By 2004 the station had started to prepare for a major overhaul in studios, production space, and transmission. The Mass Communications Department and Center for New Media (MCCNM) at Colorado State University – Pueblo, which owns and operates KTSC-FM, had also begun the sketching process to consolidate the emphasis areas of the major under one roof. Department Chair Jennifer Mullen says, "It became increasingly difficult to provide quality curriculum with faculty, courses, and media labs spread between two buildings at opposite ends of the campus; today's convergent media environment requires integration and we knew the answer was to move the department into the public television station. We have partnered with public television for 30 years anyway, and the move would solidify that relationship, as well as provide a real environment of media integration. The move would energized the students at KTSC-FM who would now be the focal point in the foyer of the building, and no longer relegated to old offices in an outdated facility."

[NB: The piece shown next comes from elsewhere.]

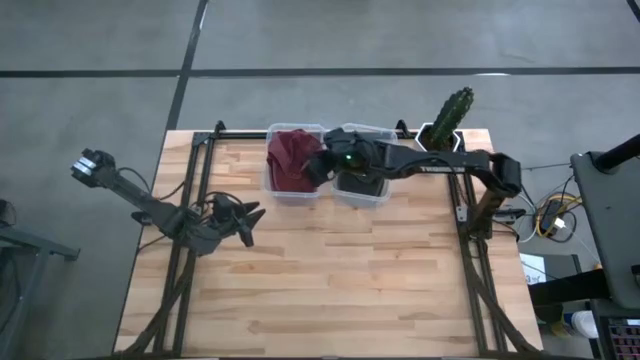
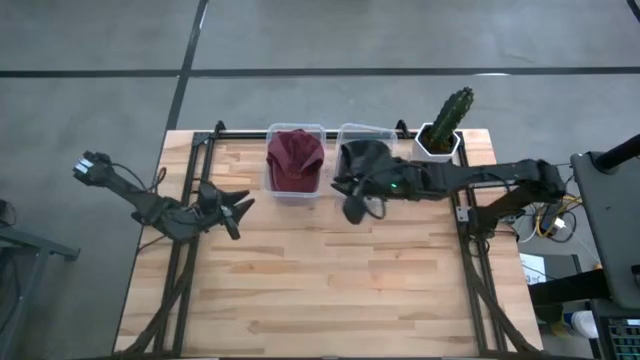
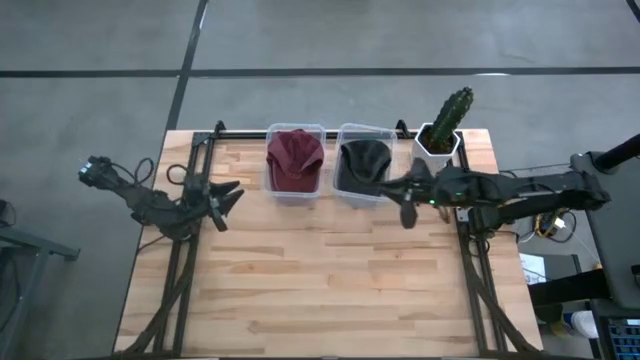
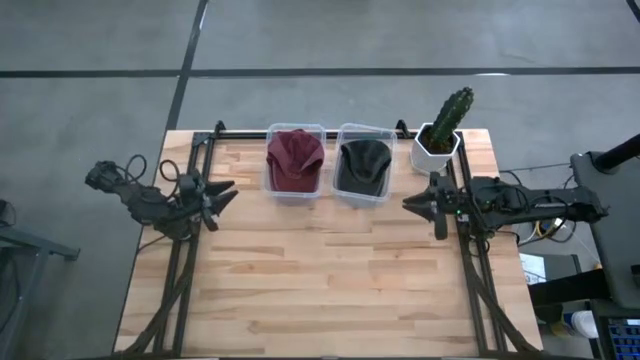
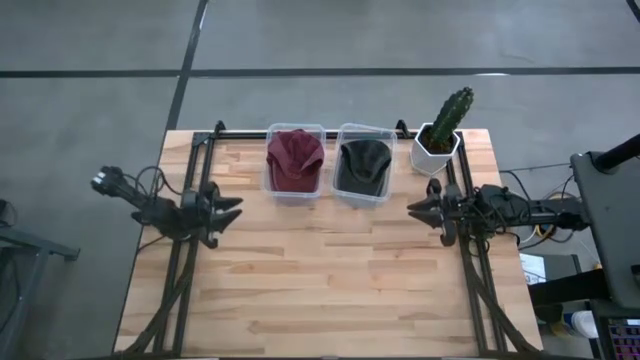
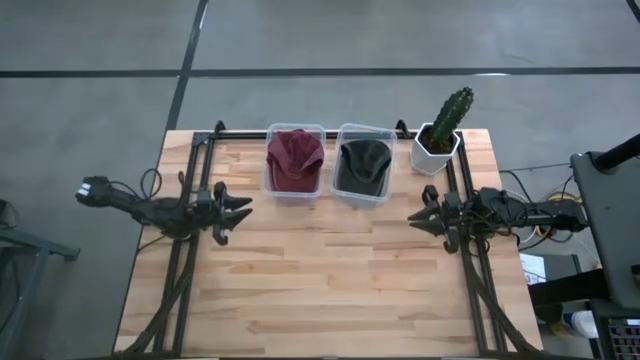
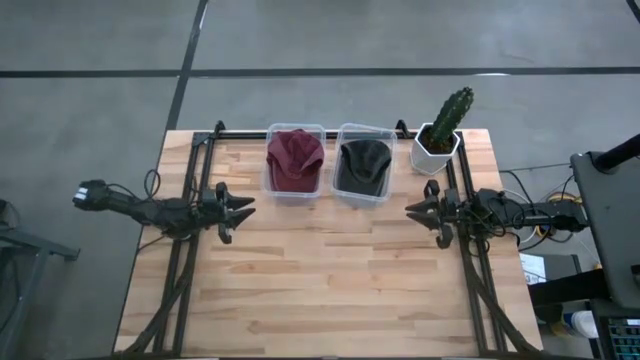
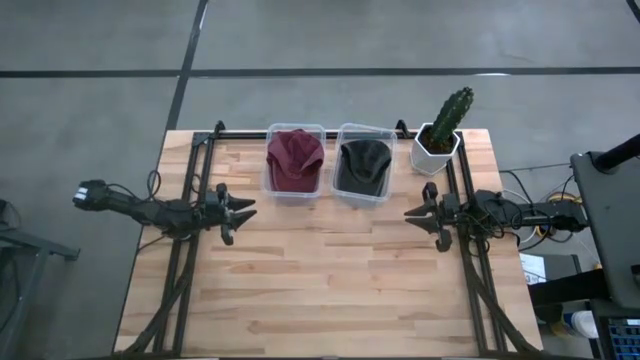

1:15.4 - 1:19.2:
Return to Home Position

This would ultimately mean moving the department's student media labs, which included the FM, a magazine and an online newspaper across campus. The plan also called for relocating the offices of seven professors, creating a new iMac lab with 22 stations, and building a server/network independent from campus fiber connections that could support the needs of MCCNM students, faculty and staff.

The power upgrade

In 1997, the KTSC-FM relicense application hiccupped on a question about ERP compliance, so the department felt compelled to replace the station's transmitter and antenna that had been in service for more than 20 years. The antenna was a Phelps Dodge CFM-LP-4. With the relicense process starting in the fall of 2004, the majority of the year was spent securing funding for and installing a Harris Z5FM 5kW solid-state FM transmitter equipped with the Harris Superciter FM exciter and the ERI LPX-6C-HW low-power circularly polarized FM antenna with 1/2-wavelength spacing.